Можно сказать, что наша история в тот момент обрела полудокументальный визуальный ряд и половину имени, о котором мы все-таки умолчим. К тому же хореограф велел мне оставить героя совсем без имени.
– Есть такая теологическая трактовка, – сказал он, – дать имя означает спасти. Но, чтобы дать имя, сначала надо познать объект, потому что знать имя объекта означает знать его сущность. А если ты знаешь истинное имя объекта, ты можешь его подчинить.
– Что-то вроде «не познан, не назван – не существует»? А скажи, я правильно тебя понимаю: ты не стал его спасать, потому что не смог … э-э-э… подчинить?
Он смотрел в сторону, будто не хотел больше видеть меня, словно то, что содержалось теперь в моей памяти и моем диктофоне, инфицировало меня и представляло для него опасность рецидива.

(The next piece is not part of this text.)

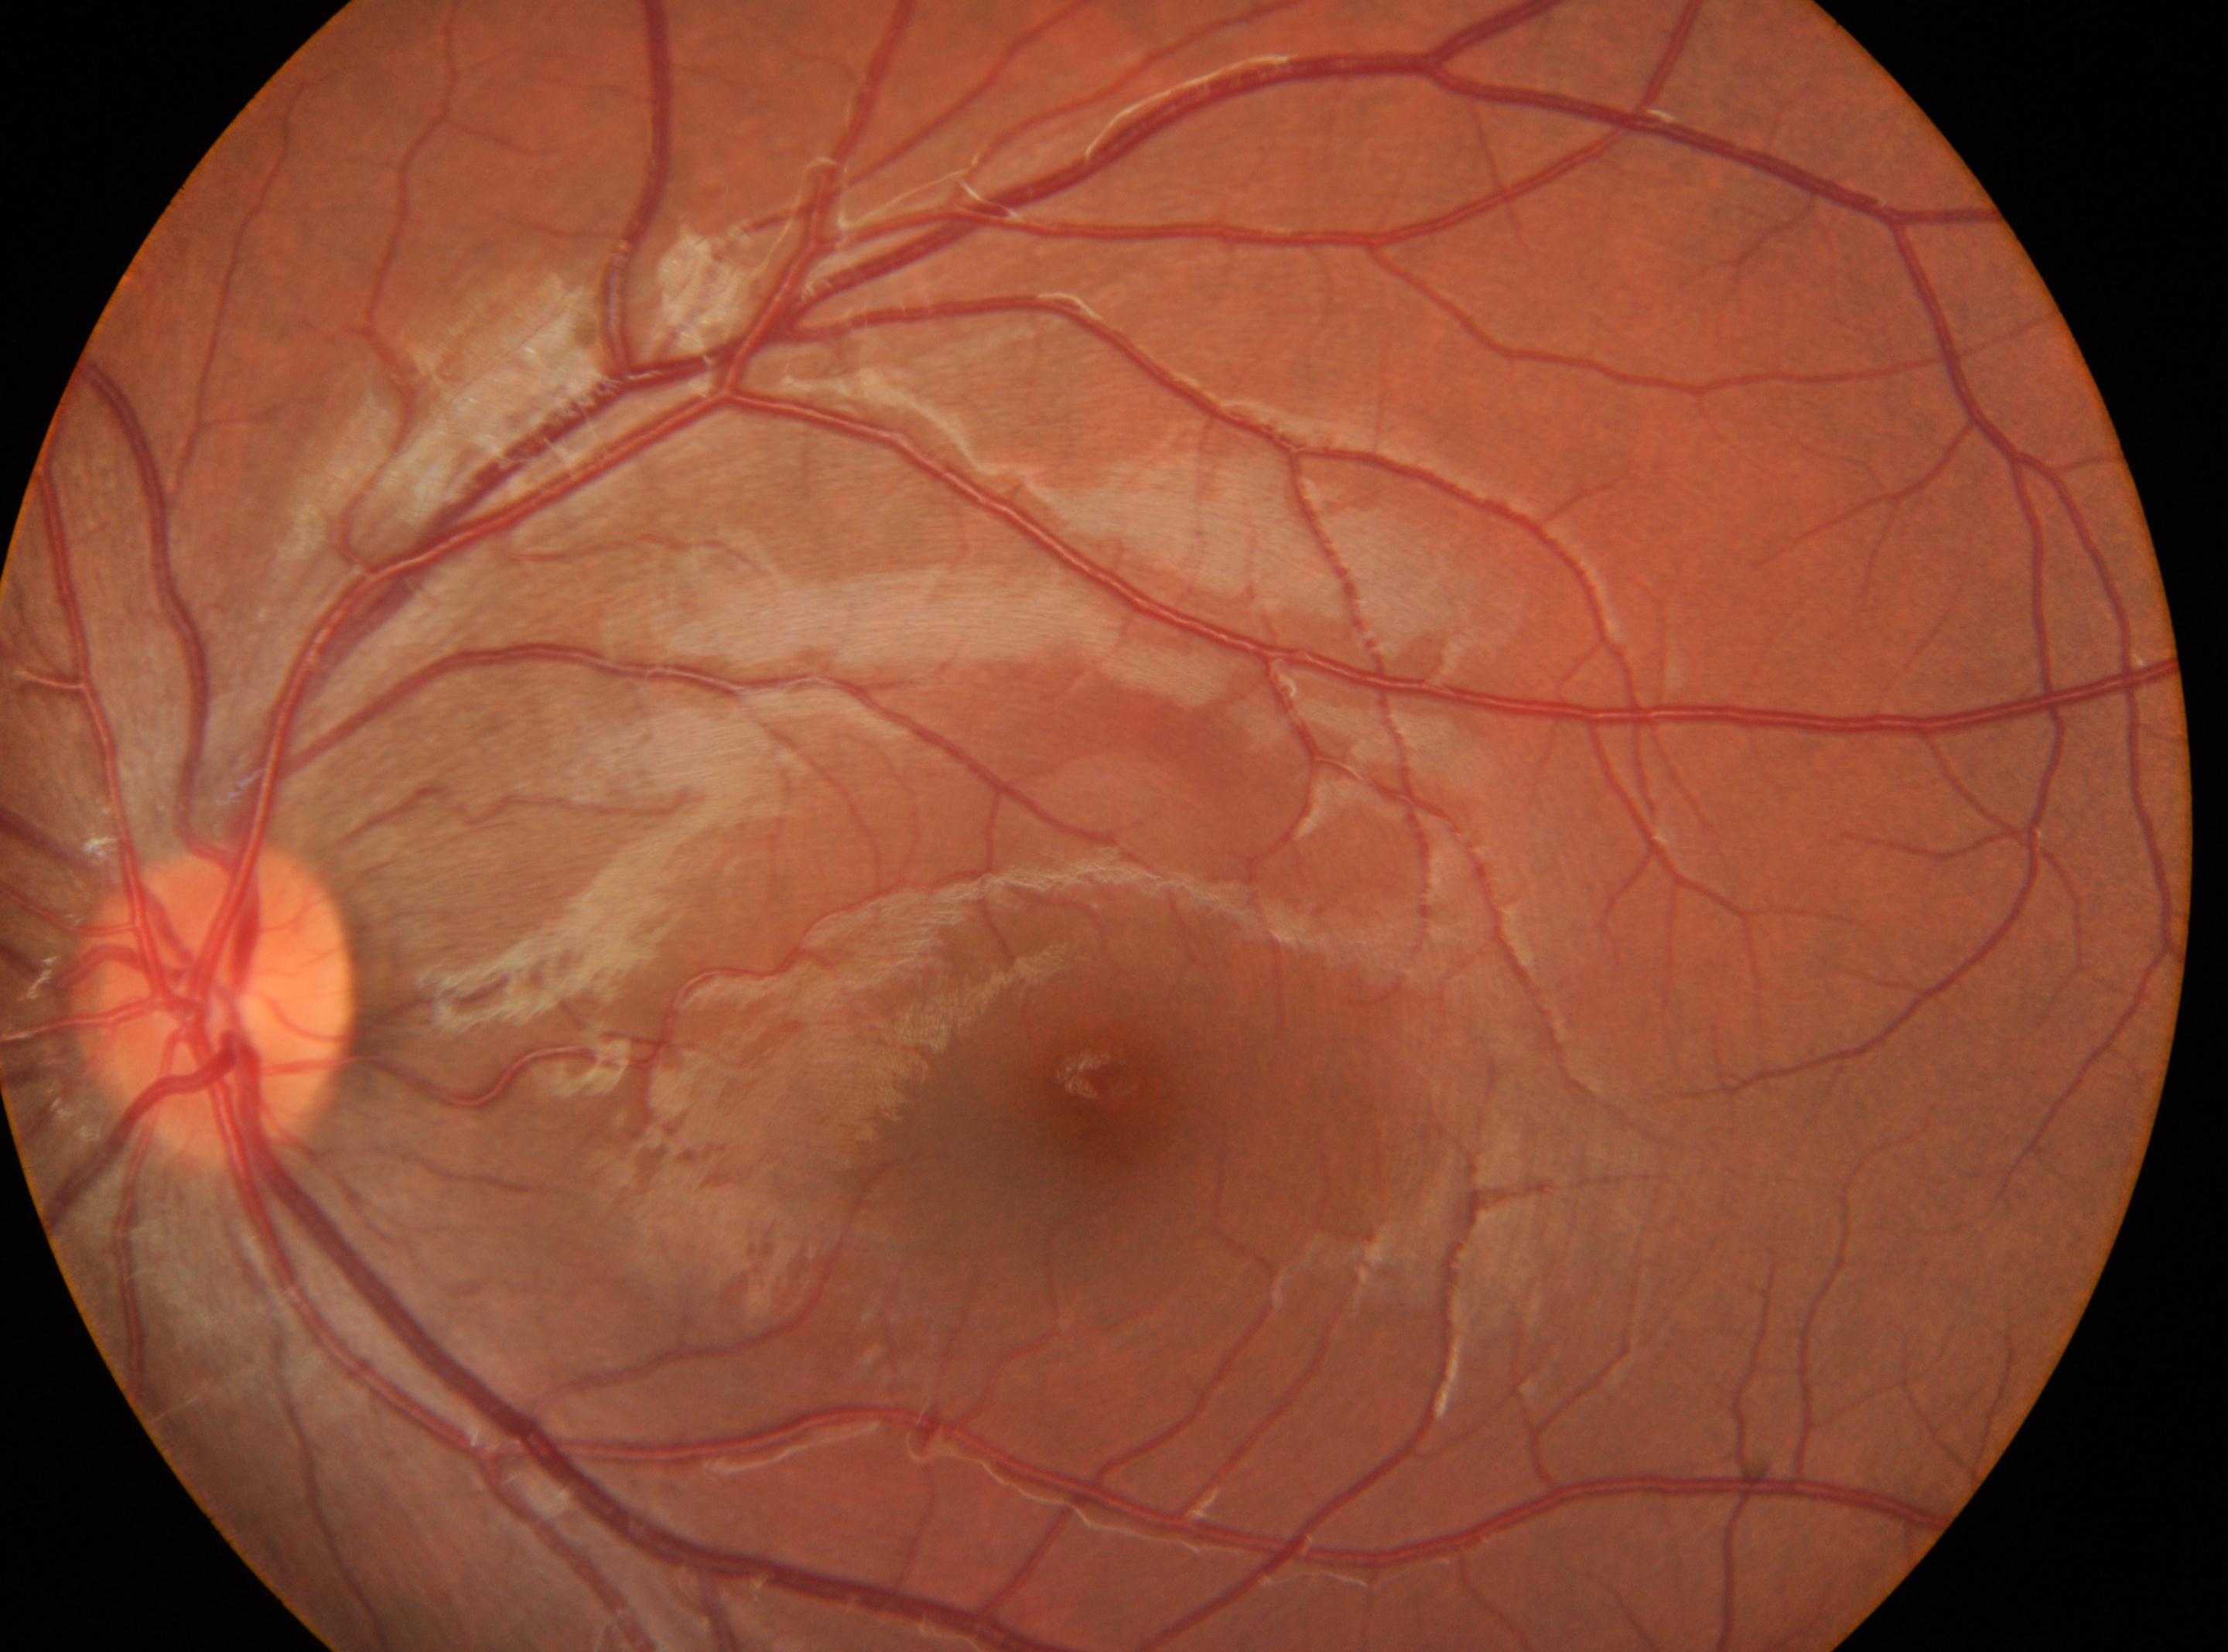

This is the oculus sinister. The macular center is at 1105, 1100. Optic disk located at 217, 1004. Diabetic retinopathy severity: no apparent diabetic retinopathy (grade 0).

Его организм так и не выработал антитела. И он задраивал люки перед погружением в новую жизнь.
– Я до сих пор не знаю, кто он. – сказал хореограф. – И ты никак его не называй. Родители всех как-то называют, а настоящее имя надо заслужить самому.
Ну, что ж, как там у Рильке?
«…Его метаморфоза
жива в природе. И не надо знать
иных имен. Восславим постоянство.
Певца зовут Орфеем…»
Прежде, чем расстаться, мне захотелось уточнить кое-что, показавшееся вдруг важным.
– Марин, почему ты остановил свой выбор на Шиве? Почему не Будда? «Пламенеющий лингам»? Секс-символ индуистского мира? Это и есть причина?
– А зачем мне Будда с его аскезой? Шива танцует, источая радость и веселье. Но в конце танца может запросто разрушить Вселенную.
Миром правят амбиции! И в творчестве в том числе. Каждый постановщик полагает, что в своем спектакле он создает мир с нуля. По своему образу и подобию. И продает на него билеты.
Ощущение какой-то внутренней погрешности в исповеди хореографа вскоре заставило меня искать других участников тех событий. Беседовали они со мной то неохотно, то вдруг горячо оправдываясь, сведениями делились скупо, но все же, из уважения к моему заказчику, приоткрыли некоторые обстоятельства, сделавшие картину полной. Или почти полной. Во всяком случае, история зазвучала более объемно и полифонично. Не удалось поговорить только с главным героем, поэтому противовесом рассказу хореографа служили лишь эмоциональные пояснения подруг юноши, более похожие на попытку защитить его.